This paper presents a local-path planner for water quality monitoring involving an Autonomous Surface Vehicle (ASV). The planner determines new measuring waypoints based on the information collected so far, and on two gradient-free optimization and contour-detection algorithms. In particular, the optimization algorithm generates the locations where the variable/substance under study must be measured and use them as the waypoints of the external loop of the Guidance, Navigation and Control system of our ASV. Besides, the contour algorithm obtains useful waypoints to determine the water body locations where the variable/substance under study reaches a given value. The paper also analyzes how the approach works via progressive simulations over an ASV carefully modelled with a set of non-linear differential equations. Preliminary results suggest that the approach can be useful in real-world single-ASV water-quality monitoring missions where there is not previous knowledge of the state and location of the variable/substance under study.

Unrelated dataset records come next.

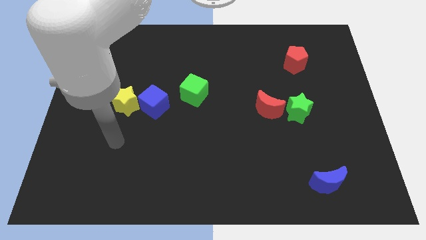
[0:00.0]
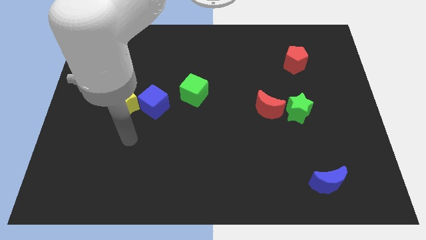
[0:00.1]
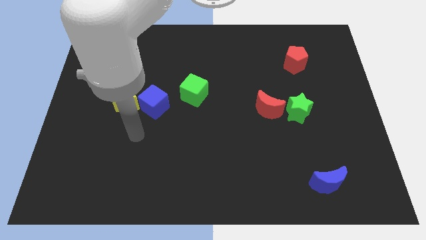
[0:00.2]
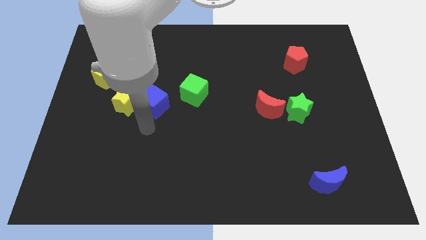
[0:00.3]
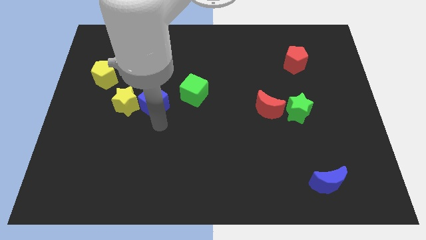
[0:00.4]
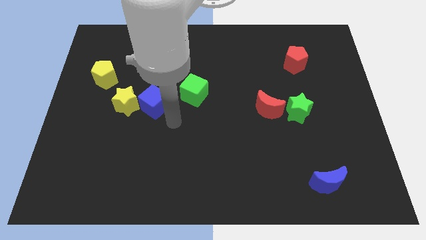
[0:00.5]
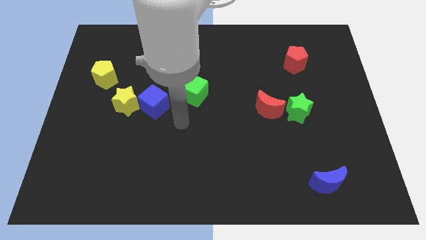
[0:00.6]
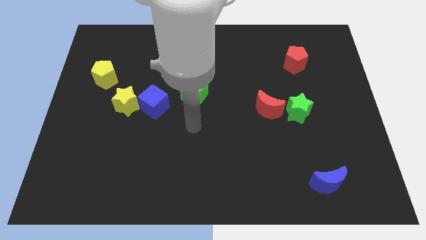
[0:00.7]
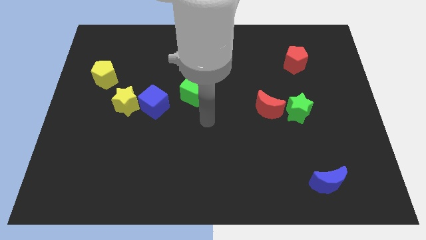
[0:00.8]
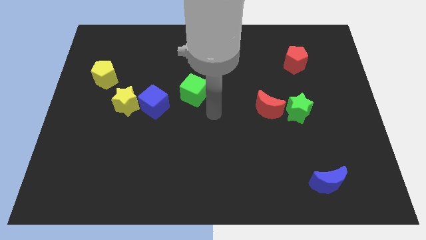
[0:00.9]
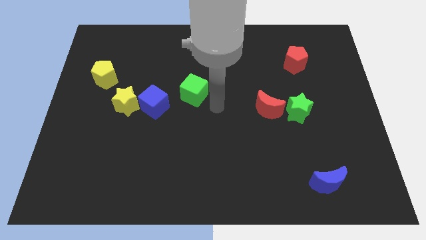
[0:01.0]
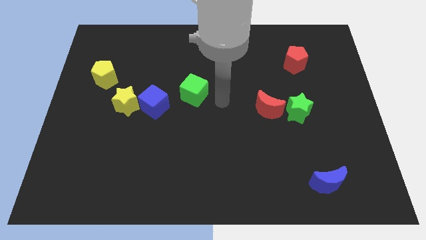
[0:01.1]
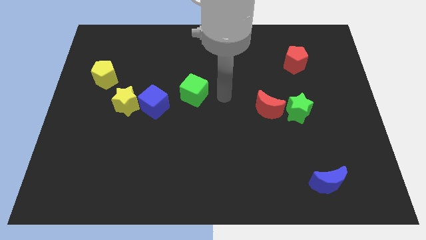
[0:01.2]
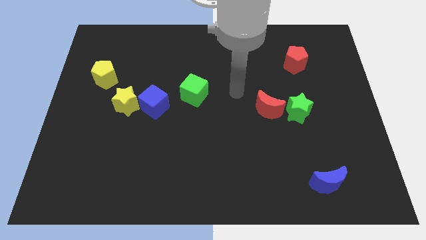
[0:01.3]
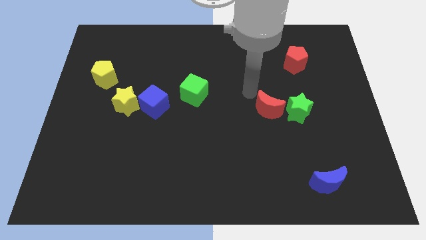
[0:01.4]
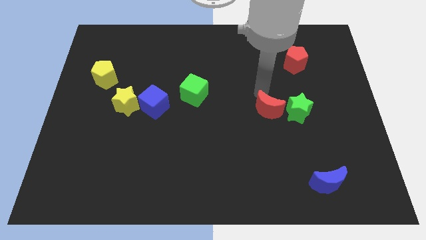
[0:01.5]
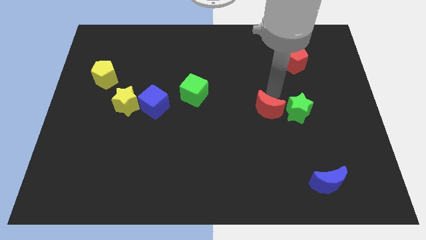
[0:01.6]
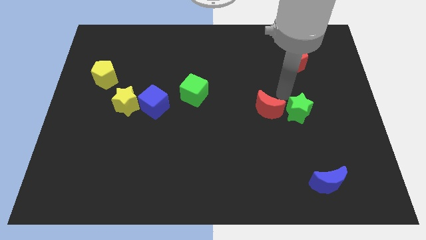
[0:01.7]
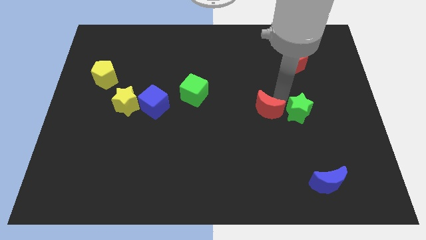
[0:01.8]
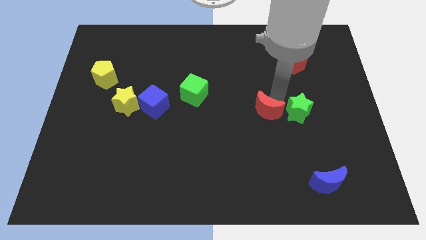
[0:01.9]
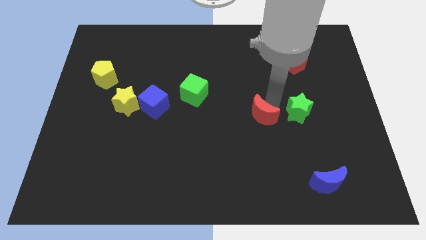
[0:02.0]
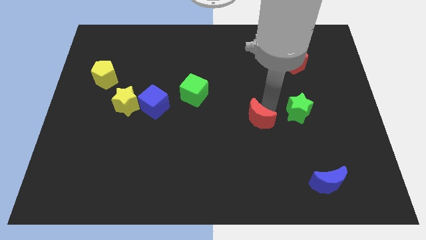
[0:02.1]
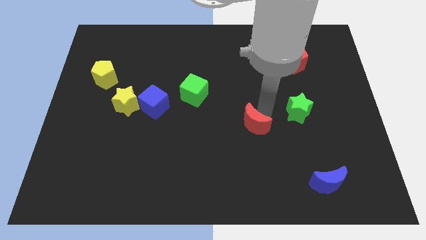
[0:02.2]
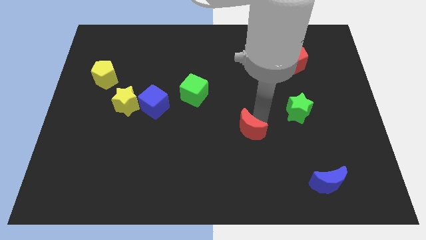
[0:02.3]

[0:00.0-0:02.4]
move the red moon a little bit down and left
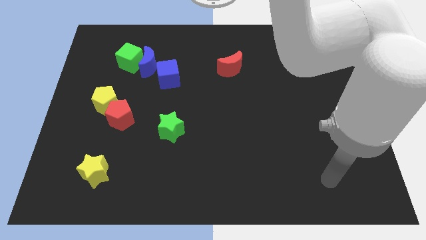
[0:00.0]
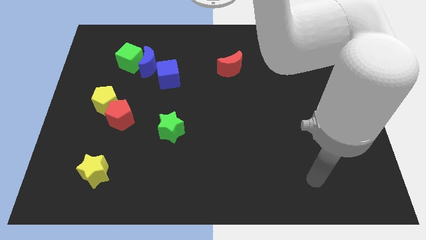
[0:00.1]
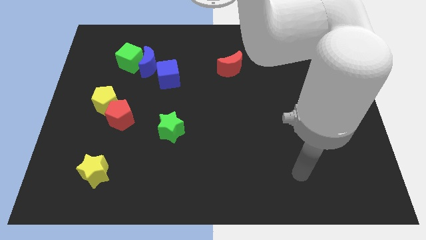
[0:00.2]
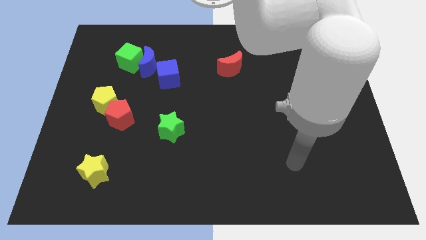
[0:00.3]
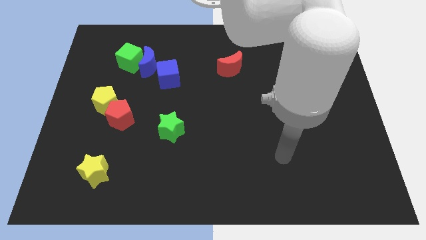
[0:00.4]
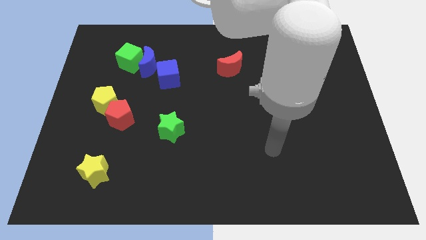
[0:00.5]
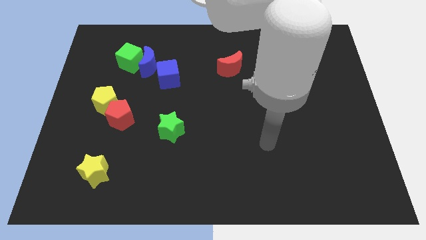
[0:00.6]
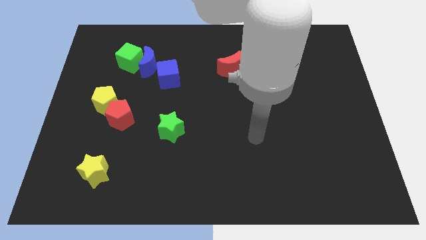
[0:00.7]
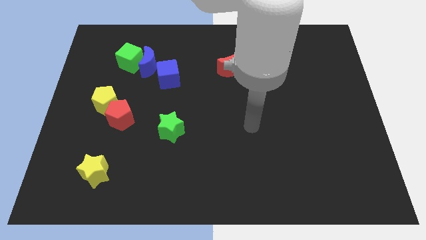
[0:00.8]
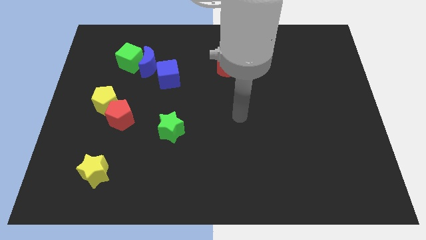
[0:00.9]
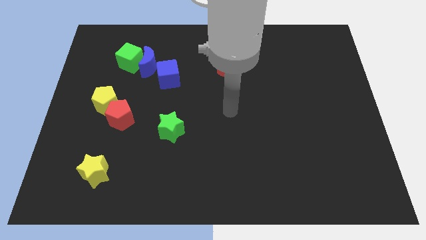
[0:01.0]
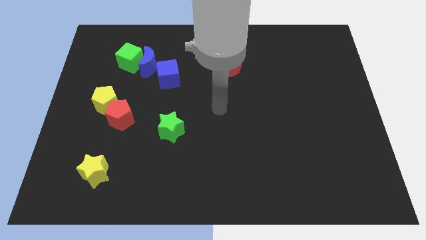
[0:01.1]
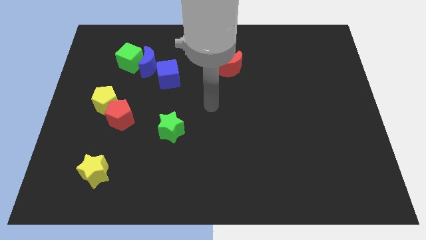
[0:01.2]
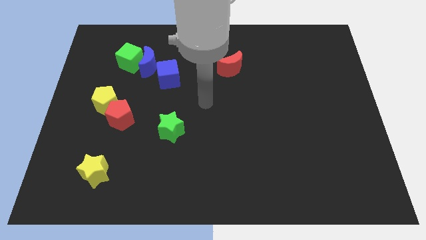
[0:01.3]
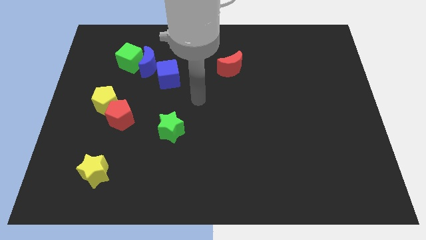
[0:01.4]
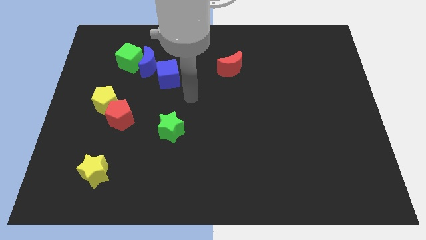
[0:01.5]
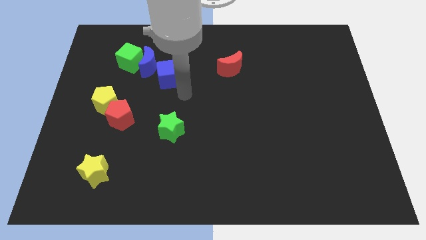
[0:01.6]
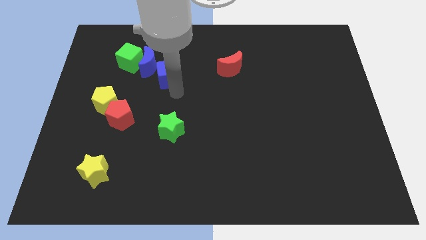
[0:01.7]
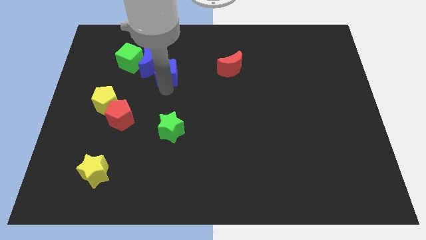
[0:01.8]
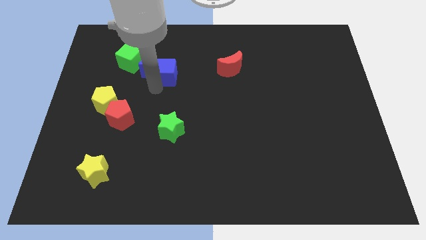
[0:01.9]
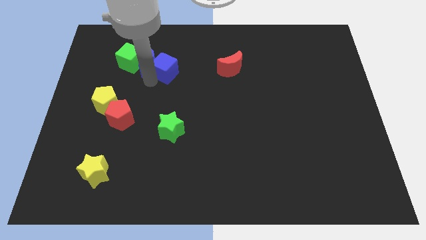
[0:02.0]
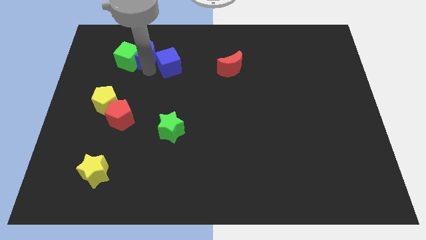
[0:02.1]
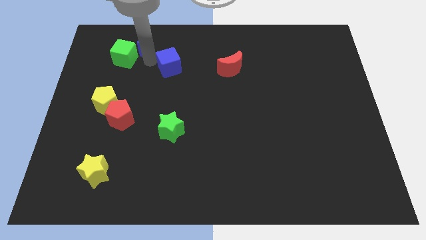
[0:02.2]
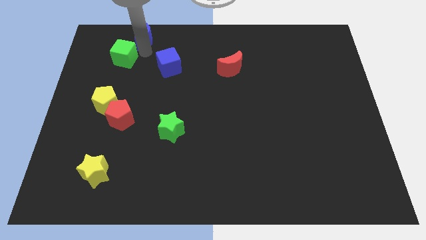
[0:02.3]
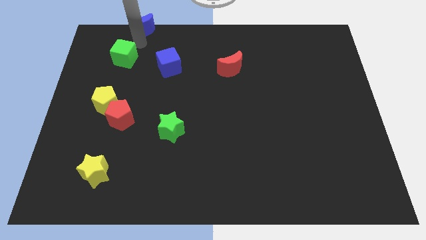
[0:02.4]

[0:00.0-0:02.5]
pull the green cube apart from the blue moon

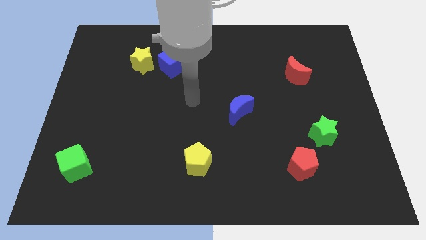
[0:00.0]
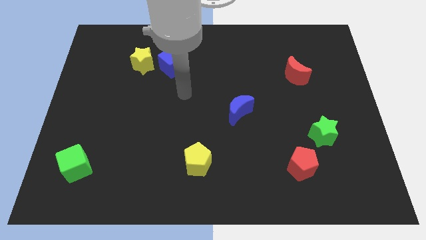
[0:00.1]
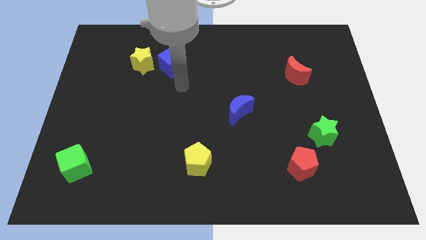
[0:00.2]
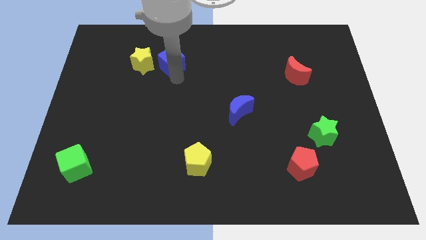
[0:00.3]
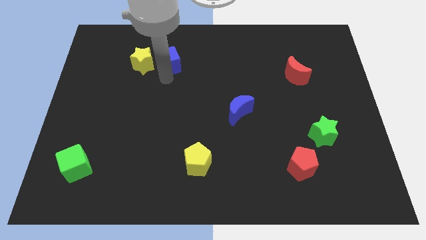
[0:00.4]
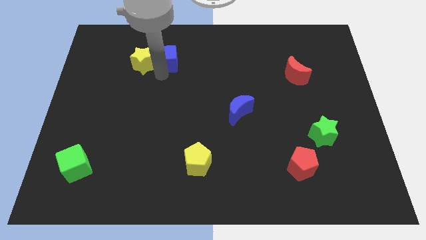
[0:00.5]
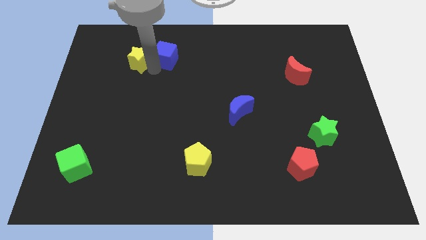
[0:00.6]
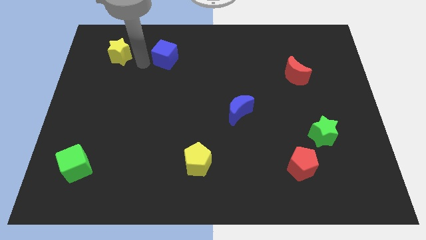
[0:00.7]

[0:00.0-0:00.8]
separate the blue cube from the yellow star

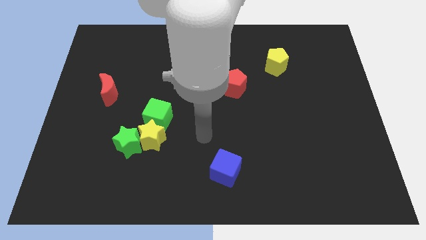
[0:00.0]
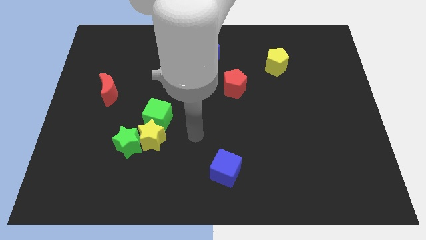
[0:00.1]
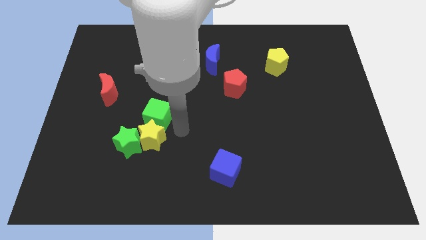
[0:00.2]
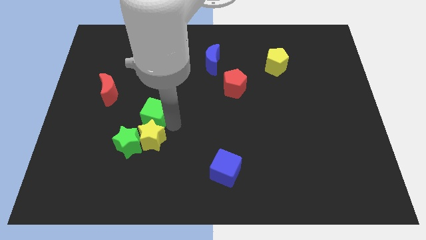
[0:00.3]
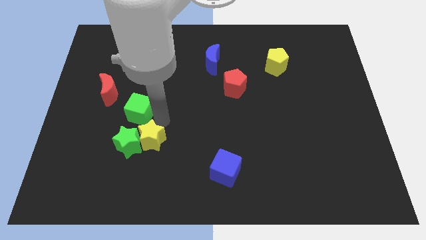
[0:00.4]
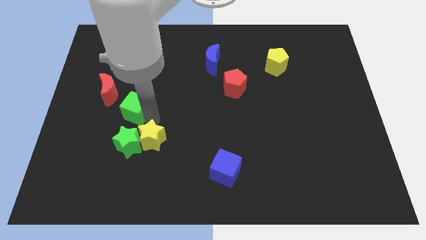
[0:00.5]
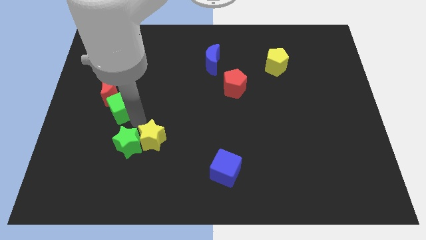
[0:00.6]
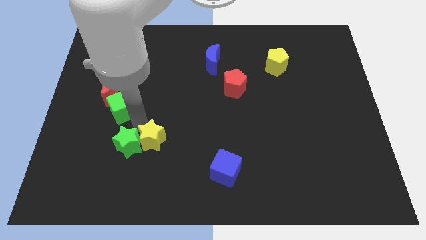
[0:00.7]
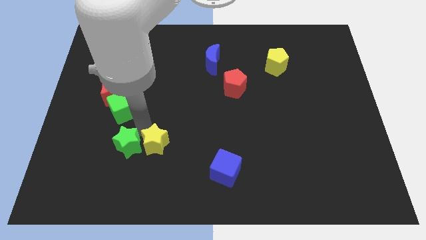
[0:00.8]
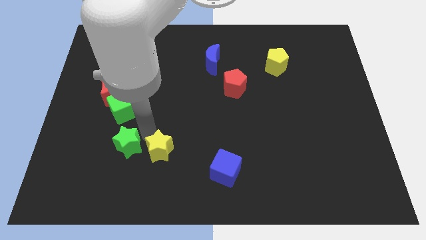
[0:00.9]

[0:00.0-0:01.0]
move the yellow star away from the green star and green cube

基于无梯度优化/轮廓检测算法的asv数据驱动水体探测
提出了一种基于自动水面车辆(ASV)的水质监测局部路径规划方法。规划器根据目前收集到的信息,以及两种无梯度优化和轮廓检测算法,确定新的测量路点。特别是,优化算法生成了所研究变量/物质必须测量的位置,并将其用作ASV制导、导航和控制系统外回路的路点。此外,轮廓算法获得有用的路径点,以确定所研究变量/物质达到给定值的水体位置。本文还分析了该方法是如何通过一组非线性微分方程精心建模的ASV上的渐进模拟来工作的。初步结果表明,该方法可用于现实世界的单asv水质监测任务,因为之前不知道所研究的变量/物质的状态和位置。
本文章由计算机程序翻译,如有差异,请以英文原文为准。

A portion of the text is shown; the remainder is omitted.